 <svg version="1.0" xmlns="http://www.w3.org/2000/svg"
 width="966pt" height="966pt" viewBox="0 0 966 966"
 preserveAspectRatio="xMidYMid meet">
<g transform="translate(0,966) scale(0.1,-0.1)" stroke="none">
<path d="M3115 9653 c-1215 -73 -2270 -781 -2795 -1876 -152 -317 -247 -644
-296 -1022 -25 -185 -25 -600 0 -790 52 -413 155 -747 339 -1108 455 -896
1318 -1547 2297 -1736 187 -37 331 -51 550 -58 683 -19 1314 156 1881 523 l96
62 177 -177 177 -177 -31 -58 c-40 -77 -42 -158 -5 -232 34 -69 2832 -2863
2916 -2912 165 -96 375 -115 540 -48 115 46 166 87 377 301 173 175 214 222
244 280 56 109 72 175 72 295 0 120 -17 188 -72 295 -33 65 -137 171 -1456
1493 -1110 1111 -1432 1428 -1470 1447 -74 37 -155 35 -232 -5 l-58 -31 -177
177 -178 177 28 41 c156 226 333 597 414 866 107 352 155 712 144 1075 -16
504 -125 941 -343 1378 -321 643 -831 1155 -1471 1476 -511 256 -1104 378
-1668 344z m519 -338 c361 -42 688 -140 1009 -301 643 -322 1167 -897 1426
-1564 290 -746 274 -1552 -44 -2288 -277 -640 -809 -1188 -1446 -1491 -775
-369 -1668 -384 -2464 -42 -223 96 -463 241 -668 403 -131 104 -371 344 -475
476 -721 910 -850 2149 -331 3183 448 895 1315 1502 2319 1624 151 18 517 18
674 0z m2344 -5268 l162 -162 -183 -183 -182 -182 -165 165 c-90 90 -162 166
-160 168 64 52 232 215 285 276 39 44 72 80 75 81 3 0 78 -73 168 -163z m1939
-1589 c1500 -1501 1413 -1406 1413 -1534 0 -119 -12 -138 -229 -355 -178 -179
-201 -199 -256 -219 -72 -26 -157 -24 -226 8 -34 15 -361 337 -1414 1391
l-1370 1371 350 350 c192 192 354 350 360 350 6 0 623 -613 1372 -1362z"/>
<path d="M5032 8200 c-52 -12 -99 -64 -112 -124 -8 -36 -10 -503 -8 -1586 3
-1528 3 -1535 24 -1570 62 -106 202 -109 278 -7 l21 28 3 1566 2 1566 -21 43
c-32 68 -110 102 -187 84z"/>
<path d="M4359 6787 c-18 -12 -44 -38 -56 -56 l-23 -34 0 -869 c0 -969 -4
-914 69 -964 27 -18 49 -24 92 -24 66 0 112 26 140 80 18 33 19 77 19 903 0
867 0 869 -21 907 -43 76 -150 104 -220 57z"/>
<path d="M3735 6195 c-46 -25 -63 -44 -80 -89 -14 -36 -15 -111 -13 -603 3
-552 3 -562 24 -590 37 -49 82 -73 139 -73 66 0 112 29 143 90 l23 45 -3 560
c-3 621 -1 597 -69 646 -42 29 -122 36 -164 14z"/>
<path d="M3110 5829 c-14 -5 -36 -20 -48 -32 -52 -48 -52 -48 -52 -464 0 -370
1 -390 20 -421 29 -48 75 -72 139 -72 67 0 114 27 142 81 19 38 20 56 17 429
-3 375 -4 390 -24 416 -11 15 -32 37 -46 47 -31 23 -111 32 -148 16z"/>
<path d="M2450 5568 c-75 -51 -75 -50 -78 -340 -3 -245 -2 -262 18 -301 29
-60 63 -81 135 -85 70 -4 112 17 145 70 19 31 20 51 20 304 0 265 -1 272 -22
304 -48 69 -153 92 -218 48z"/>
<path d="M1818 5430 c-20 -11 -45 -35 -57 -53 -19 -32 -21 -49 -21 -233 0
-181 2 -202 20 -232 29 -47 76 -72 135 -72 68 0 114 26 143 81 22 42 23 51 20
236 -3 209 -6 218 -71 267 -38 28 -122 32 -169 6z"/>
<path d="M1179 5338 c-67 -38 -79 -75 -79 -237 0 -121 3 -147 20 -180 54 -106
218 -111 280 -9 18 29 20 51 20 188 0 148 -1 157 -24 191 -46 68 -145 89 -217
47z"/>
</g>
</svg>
□ □ □
> **Requirement**
Retype exactly, and only, the lines above from the one where "-869 c0 -969 -4" occurs up to and including the one where "867 0 869 -21" occurs.

> **Answer for this exercise**
<path d="M4359 6787 c-18 -12 -44 -38 -56 -56 l-23 -34 0 -869 c0 -969 -4
-914 69 -964 27 -18 49 -24 92 -24 66 0 112 26 140 80 18 33 19 77 19 903 0
867 0 869 -21 907 -43 76 -150 104 -220 57z"/>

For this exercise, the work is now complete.